What is needed
Pull every line that includes the word "degrees" out of the data below and copy it.

Data excerpts
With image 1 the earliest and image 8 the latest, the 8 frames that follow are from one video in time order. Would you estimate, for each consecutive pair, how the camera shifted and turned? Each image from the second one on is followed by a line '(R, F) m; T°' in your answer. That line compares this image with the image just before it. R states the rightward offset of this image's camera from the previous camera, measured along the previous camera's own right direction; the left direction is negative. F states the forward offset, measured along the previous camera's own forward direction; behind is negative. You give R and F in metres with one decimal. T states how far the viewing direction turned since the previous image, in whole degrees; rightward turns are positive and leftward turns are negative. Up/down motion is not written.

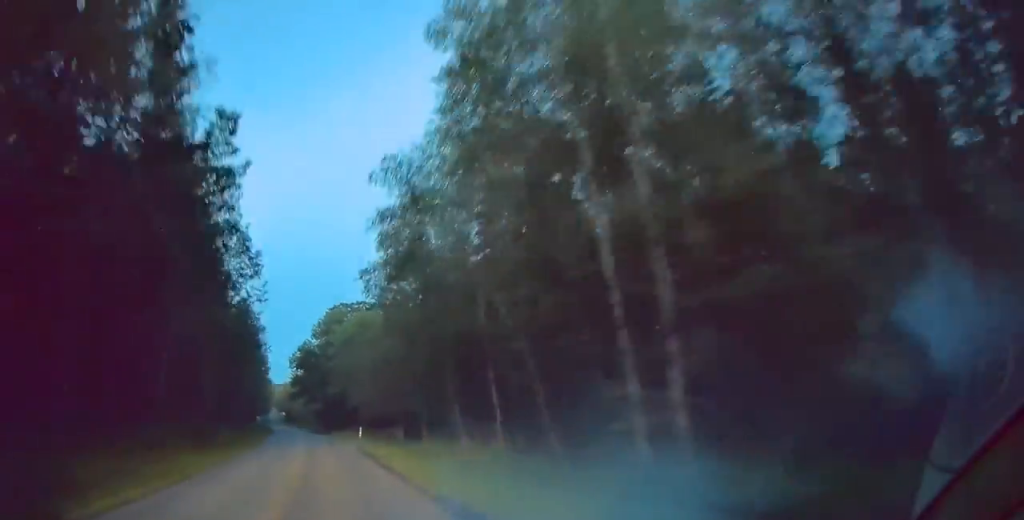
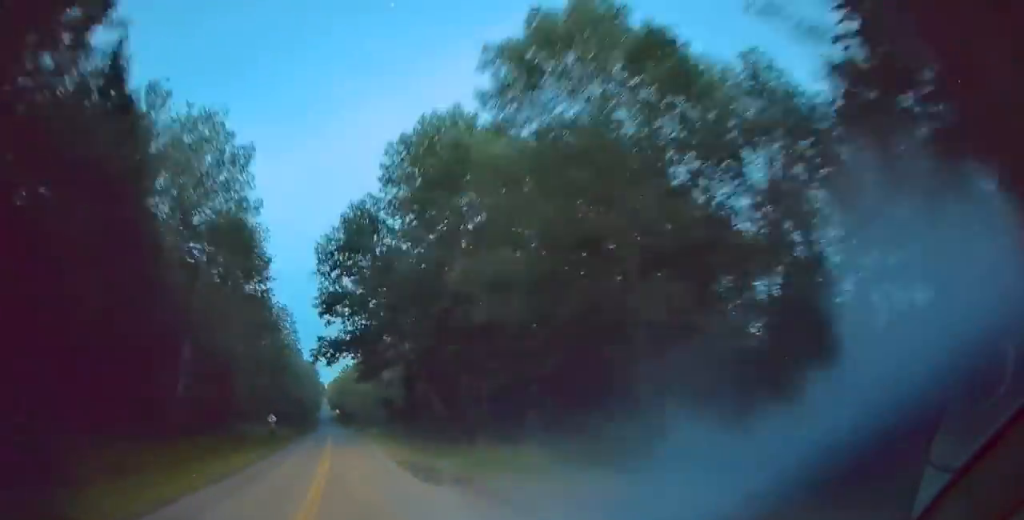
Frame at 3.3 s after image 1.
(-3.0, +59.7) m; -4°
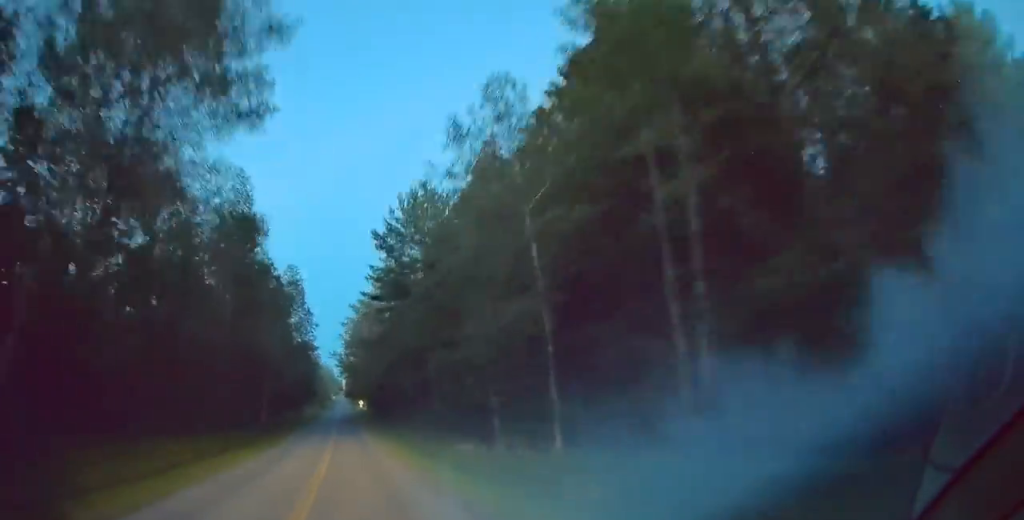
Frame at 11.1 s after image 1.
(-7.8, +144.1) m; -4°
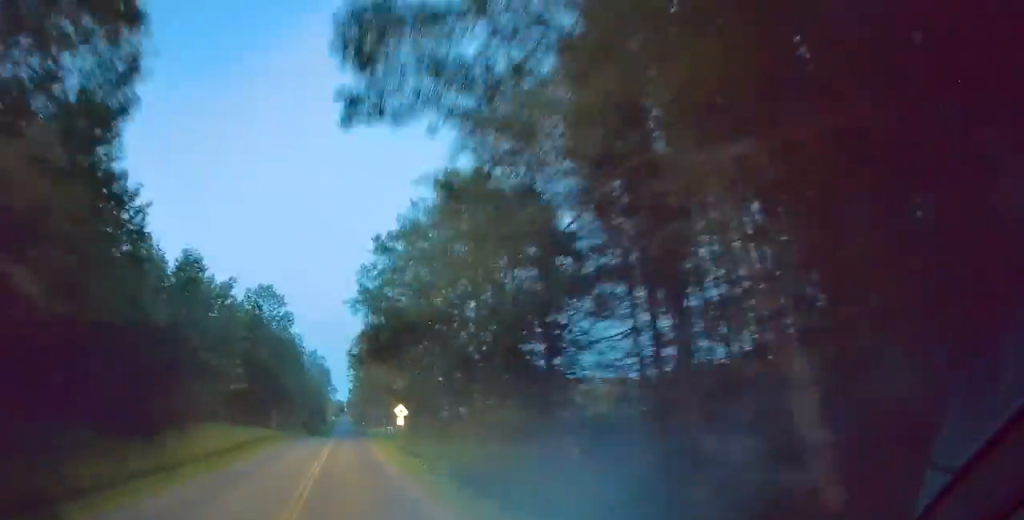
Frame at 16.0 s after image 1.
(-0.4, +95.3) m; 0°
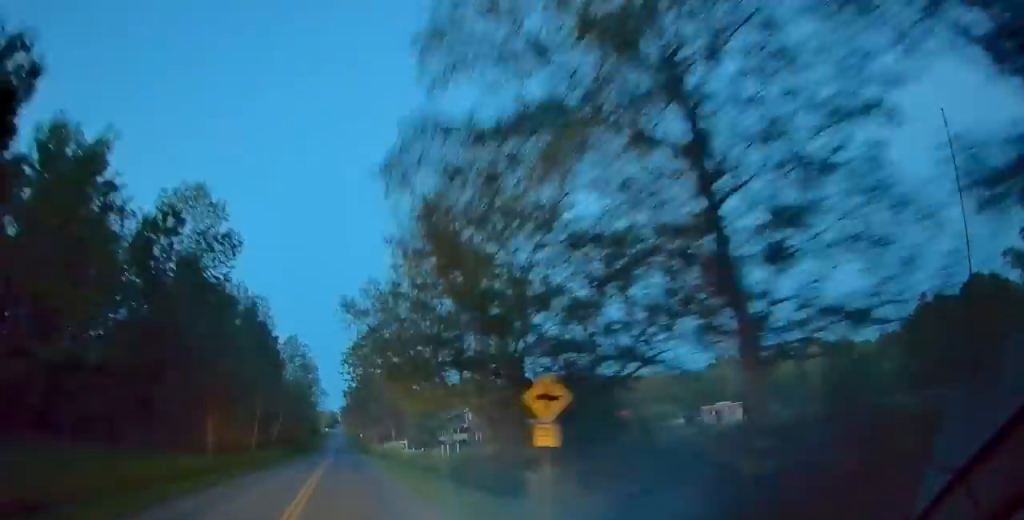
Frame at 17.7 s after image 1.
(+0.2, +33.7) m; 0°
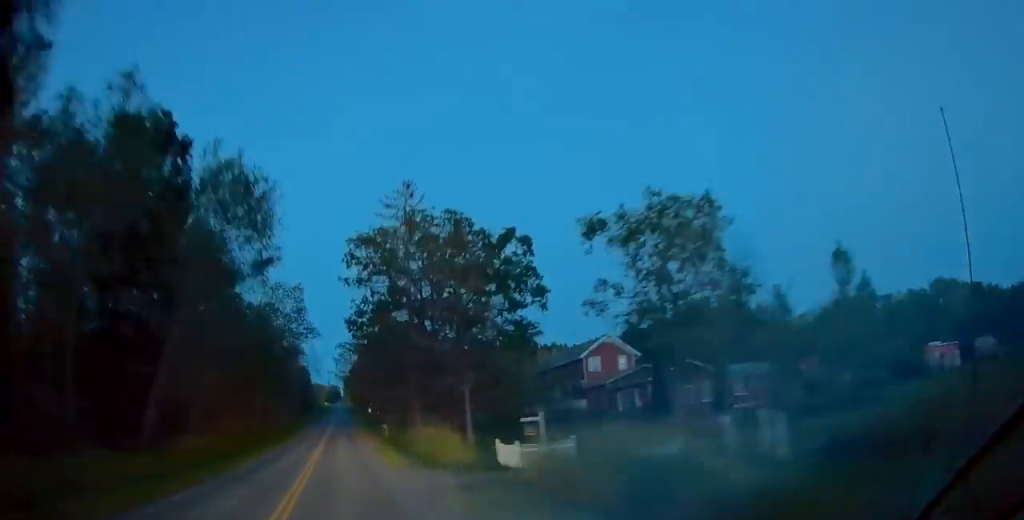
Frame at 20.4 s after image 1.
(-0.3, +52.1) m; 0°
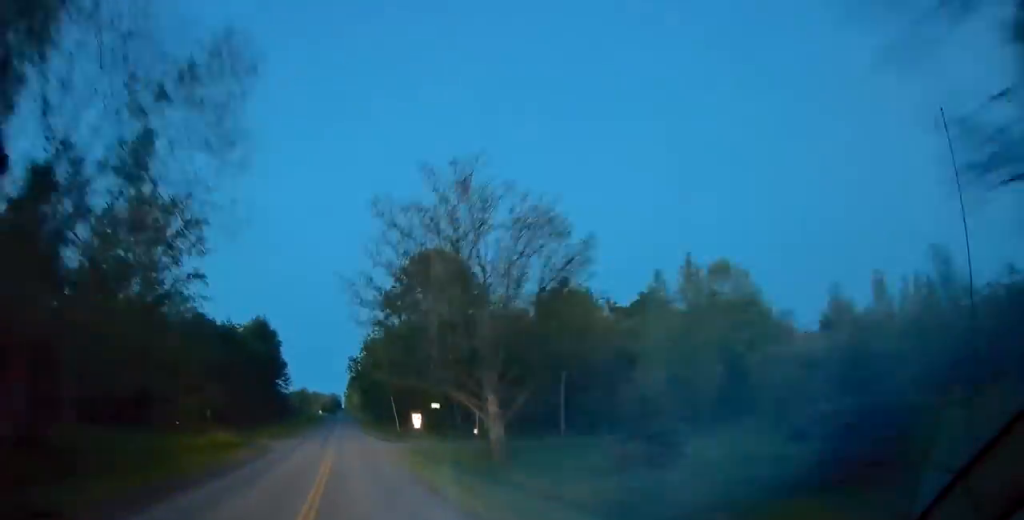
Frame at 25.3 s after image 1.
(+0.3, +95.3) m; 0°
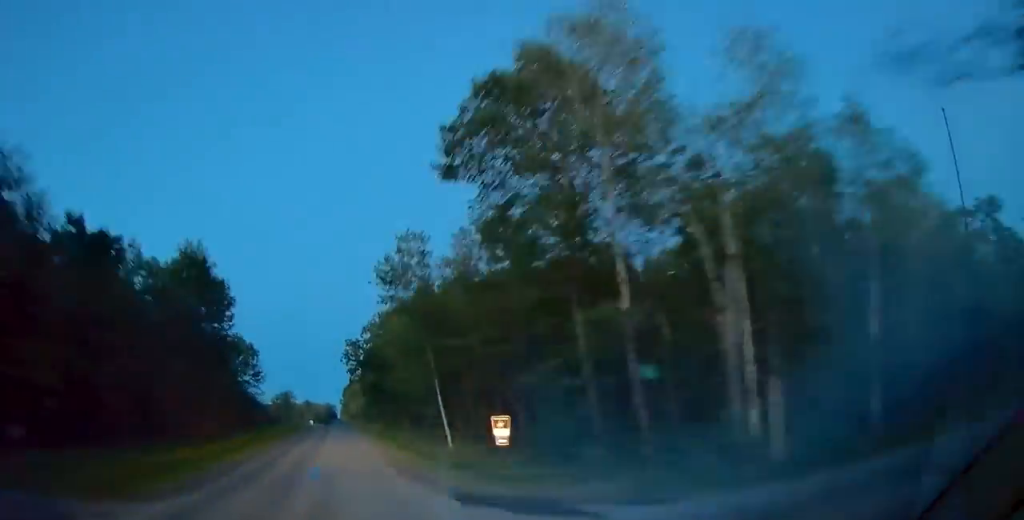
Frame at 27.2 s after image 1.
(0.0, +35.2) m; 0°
--
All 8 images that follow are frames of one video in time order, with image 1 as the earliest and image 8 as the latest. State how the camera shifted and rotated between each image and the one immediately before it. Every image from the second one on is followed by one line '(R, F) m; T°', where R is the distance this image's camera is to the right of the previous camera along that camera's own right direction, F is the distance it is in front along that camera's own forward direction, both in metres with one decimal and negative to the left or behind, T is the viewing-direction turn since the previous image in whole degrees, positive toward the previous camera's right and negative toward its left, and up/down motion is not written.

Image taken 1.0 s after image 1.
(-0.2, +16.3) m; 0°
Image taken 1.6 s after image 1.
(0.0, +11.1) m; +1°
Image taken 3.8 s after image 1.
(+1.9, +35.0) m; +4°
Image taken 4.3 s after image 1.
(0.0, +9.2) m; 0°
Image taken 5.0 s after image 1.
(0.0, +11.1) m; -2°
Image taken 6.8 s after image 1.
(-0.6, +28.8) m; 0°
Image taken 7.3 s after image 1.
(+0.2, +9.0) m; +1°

Exercise response
With image 1 the earliest and image 8 the latest, the 8 frames that follow are from one video in time order. Would you estimate, for each consecutive pair, how the camera shifted and turned? Each image from the second one on is followed by a line '(R, F) m; T°' in your answer. That line compares this image with the image just before it. R states the rightward offset of this image's camera from the previous camera, measured along the previous camera's own right direction; the left direction is negative. F states the forward offset, measured along the previous camera's own forward direction; behind is negative. You give R and F in metres with one decimal. T states how far the viewing direction turned since the previous image, in whole degrees; rightward turns are positive and leftward turns are negative. Up/down motion is not written.
All 8 images that follow are frames of one video in time order, with image 1 as the earliest and image 8 as the latest. State how the camera shifted and rotated between each image and the one immediately before it. Every image from the second one on is followed by one line '(R, F) m; T°', where R is the distance this image's camera is to the right of the previous camera along that camera's own right direction, F is the distance it is in front along that camera's own forward direction, both in metres with one decimal and negative to the left or behind, T is the viewing-direction turn since the previous image in whole degrees, positive toward the previous camera's right and negative toward its left, and up/down motion is not written.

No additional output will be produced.